• Question: Do you have sponsors.

    Asked by Darth Vader to Jonathan, Kellie, Kevin, Melissa, Stephanie on 23 Apr 2016.
    • Photo: Kevin Baker

      Kevin Baker answered on 23 Apr 2016:


      I do not have any sponsors.

    • Photo: Kellie Jaremko

      Kellie Jaremko answered on 23 Apr 2016:


      I do not have any sponsors.

    • Photo: Stephanie Moon

      Stephanie Moon answered on 23 Apr 2016:


      Hello-
      There are a lot of rules and regulations that make sure scientists don’t have conflicts of interest in their research. So a sponsor that would normally give (for example) an athlete money to advertise their brand while they perform their sport would be really different from how we get money to work and do research. We need to make sure that our research is meaningful, and that we publish results that could not be skewed because of a sponsor’s influence. In reality, scientists like me are funded to work by a lot of different non-profit agencies and the government that want you to study a certain problem (without knowing how that problem will be solved). For example, I’m working as an employee of the Howard Hughes Medical Institute (called HHMI, read more at https://www.hhmi.org/) but soon I will be working as a Sie Foundation Fellow (http://www.globaldownsyndrome.org/our-story/history/about-the-anna-and-john-j-sie-foundation/) to study Down Syndrome. This group would like it if more scientists studied Down Syndrome, but it’s not like a sponsor because they are not paying me as a scientist to promote a brand.
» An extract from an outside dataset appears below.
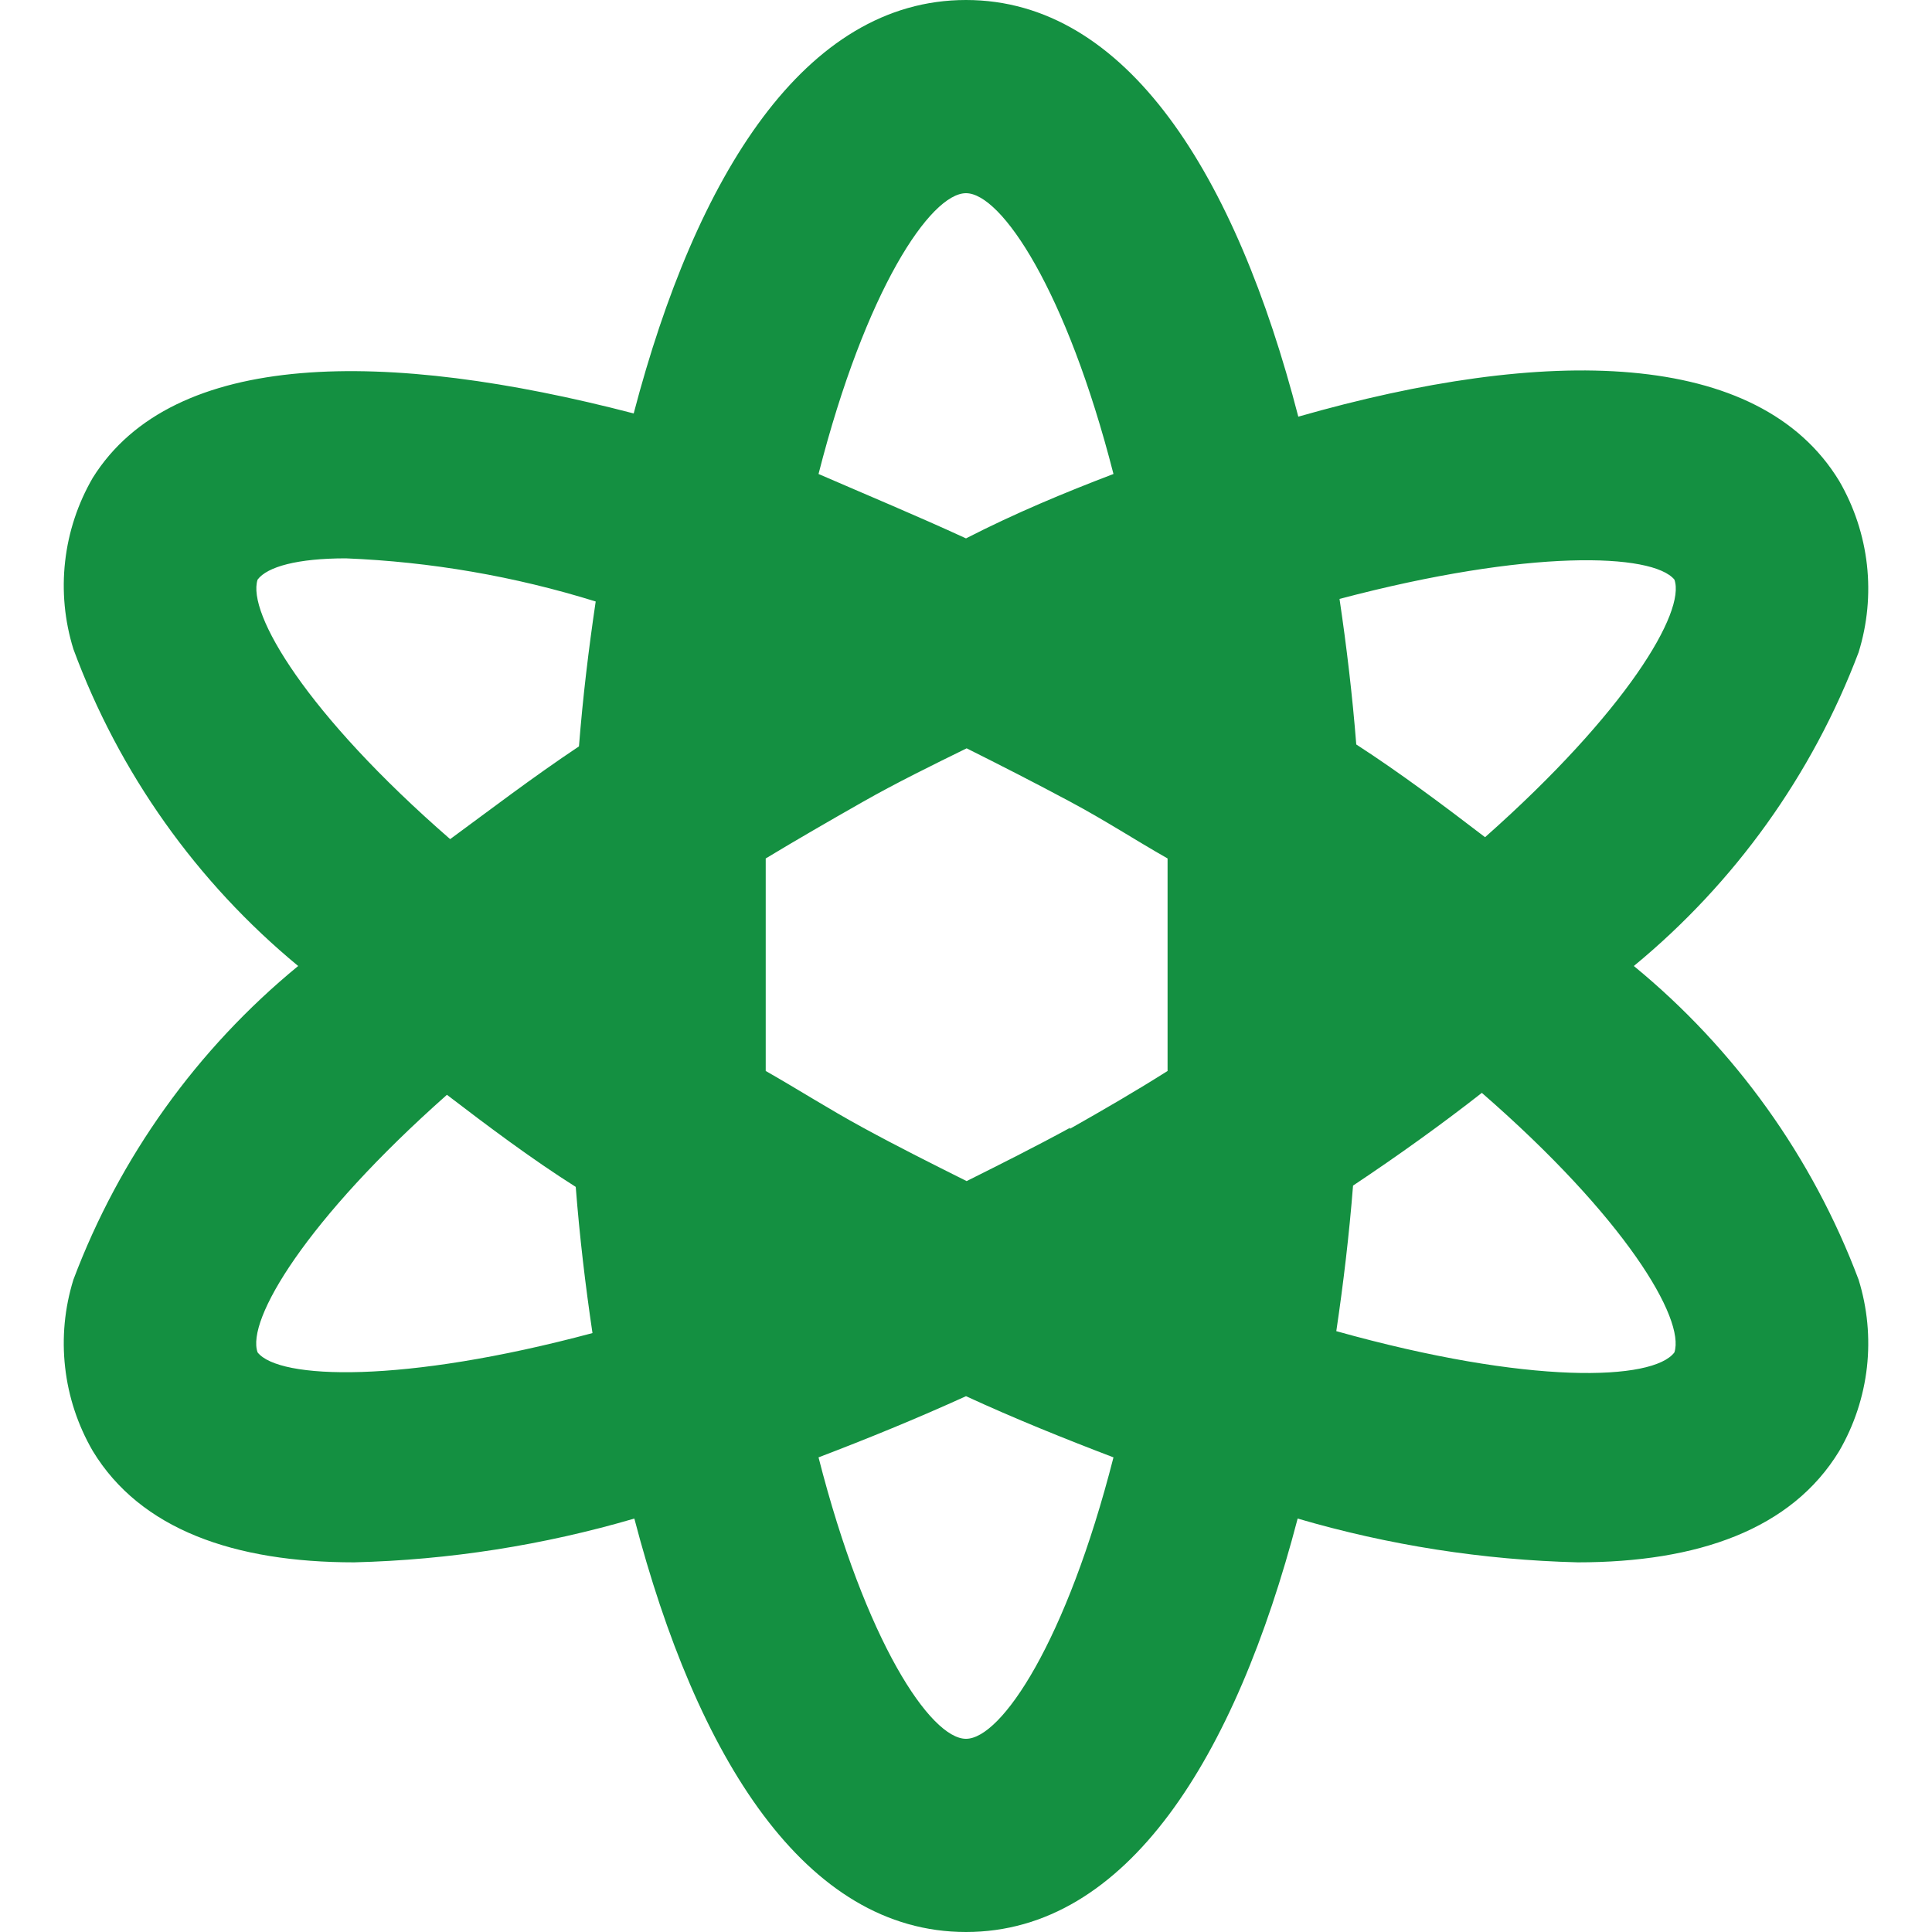 <svg width="48" height="48" viewBox="0 0 48 48" fill="none" xmlns="http://www.w3.org/2000/svg">
<path d="M46.176 31.792C45.031 28.75 43.105 26.062 40.592 24C43.101 21.934 45.026 19.248 46.176 16.208C46.395 15.504 46.465 14.762 46.383 14.03C46.3 13.297 46.066 12.59 45.696 11.952C43.696 8.656 38.4 8.592 32.256 10.352C30.704 4.352 28 0 24 0C20 0 17.296 4.352 15.744 10.272C9.6 8.672 4.304 8.672 2.304 11.872C1.934 12.51 1.7 13.217 1.618 13.95C1.535 14.682 1.605 15.424 1.824 16.128C2.957 19.199 4.884 21.915 7.408 24C4.895 26.062 2.97 28.75 1.824 31.792C1.605 32.496 1.535 33.238 1.618 33.97C1.7 34.703 1.934 35.41 2.304 36.048C3.488 38 5.824 38.816 8.8 38.816C11.157 38.757 13.497 38.391 15.76 37.728C17.312 43.664 20 48 24 48C28 48 30.688 43.664 32.24 37.728C34.503 38.391 36.843 38.757 39.2 38.816C42.176 38.816 44.512 38 45.696 36.048C46.066 35.41 46.3 34.703 46.383 33.97C46.465 33.238 46.395 32.496 46.176 31.792ZM41.6 14.4C41.888 15.2 40.4 17.696 36.896 20.8C35.872 20.016 34.784 19.2 33.696 18.496C33.6 17.28 33.456 16.064 33.28 14.88C38 13.632 41.056 13.744 41.6 14.4ZM26.592 28.016C25.712 28.496 24.848 28.928 24.016 29.344C23.184 28.928 22.32 28.496 21.44 28.016C20.56 27.536 19.84 27.072 19.024 26.608V23.968V21.328C19.792 20.864 20.624 20.384 21.44 19.92C22.256 19.456 23.168 19.008 24.016 18.592C24.848 19.008 25.696 19.44 26.592 19.92C27.488 20.4 28.192 20.864 29.008 21.328V26.608C28.224 27.104 27.424 27.568 26.576 28.048L26.592 28.016ZM24 4.8C24.88 4.8 26.496 7.216 27.664 11.776C26.448 12.24 25.216 12.752 24 13.376C22.784 12.816 21.552 12.304 20.336 11.776C21.504 7.2 23.12 4.8 24 4.8ZM6.4 14.4C6.64 14.08 7.392 13.872 8.592 13.872C10.699 13.957 12.786 14.317 14.8 14.944C14.624 16.128 14.48 17.328 14.384 18.544C13.232 19.312 12.144 20.144 11.184 20.848C7.616 17.744 6.128 15.232 6.4 14.4ZM6.4 33.6C6.112 32.8 7.6 30.304 11.104 27.2C12.128 27.984 13.216 28.8 14.304 29.488C14.4 30.72 14.544 31.936 14.72 33.12C10 34.384 6.928 34.272 6.4 33.6ZM24 43.2C23.12 43.2 21.504 40.784 20.336 36.208C21.552 35.744 22.768 35.248 24 34.688C25.216 35.248 26.448 35.744 27.664 36.208C26.496 40.784 24.88 43.2 24 43.2ZM41.6 33.6C41.072 34.304 38 34.416 33.2 33.072C33.376 31.888 33.52 30.672 33.616 29.456C34.768 28.688 35.835 27.92 36.816 27.152C40.384 30.256 41.872 32.768 41.6 33.6Z" fill="#149041"/>
</svg>

    • Photo: Melissa Wilson Sayres

      Melissa Wilson Sayres answered on 24 Apr 2016:


      Sponsors mean something different in and out of science. In science, at my University, we have an Office of Sponsored Projects, than handles administration for grants that we receive to do our research. These grants are usually from the federal government (NSF, NIH, USDA, DOD, DOE… a whole alphabet soup of federal agencies), or from foundations (March of Dimes, American Cancer Society, etc). This office makes sure we are meeting our reporting deadlines and spending money in the ways we agreed with our sponsors. There are some major differences between the way we are sponsored in science, and the way sponsors work outside of research. One is that we apply to the different sponsors (they usually don’t come offer to sponsor us). This has to do with another major difference, which is that there are usually agreements that sponsored research in science will be free from influence of the sponsors. This is to help ensure unbiased experiments and interpretations.

    • Photo: Jonathan Jackson

      Jonathan Jackson answered on 25 Apr 2016:


      It looks like Stephanie and Melissa have answered this question in pretty careful detail, but I don’t have any sponsors in the traditional sense: It’s not as though “Jonathan’s Alzheimer’s Disease Research brought to you by Mountain Dew” is a thing that exists. There are large organizations through the US federal government and private foundations (for me, the Alzheimer’s Association) that offer grant money for projects usually between 2 and 5 years in length. You write a big grant proposal that usually takes between 1 and 3 months to write, wait for upwards of a year, and then find out if these agencies think your ideas are good enough to pay for.

      I also work with clinical trials for Alzheimer’s disease, and the trials do tend to be sponsored by a pharmaceutical company. The company pays for the study drugs, some of the costs of the study, and they make sure that all the rules are followed, but there are strict regulations (as Stephanie said) that make sure that the company can’t influence the quality of the data we generate and report. Sometimes they get to look at the data for a few months before releasing it to the public, but that’s about as much influence as a company can have on a clinical trial.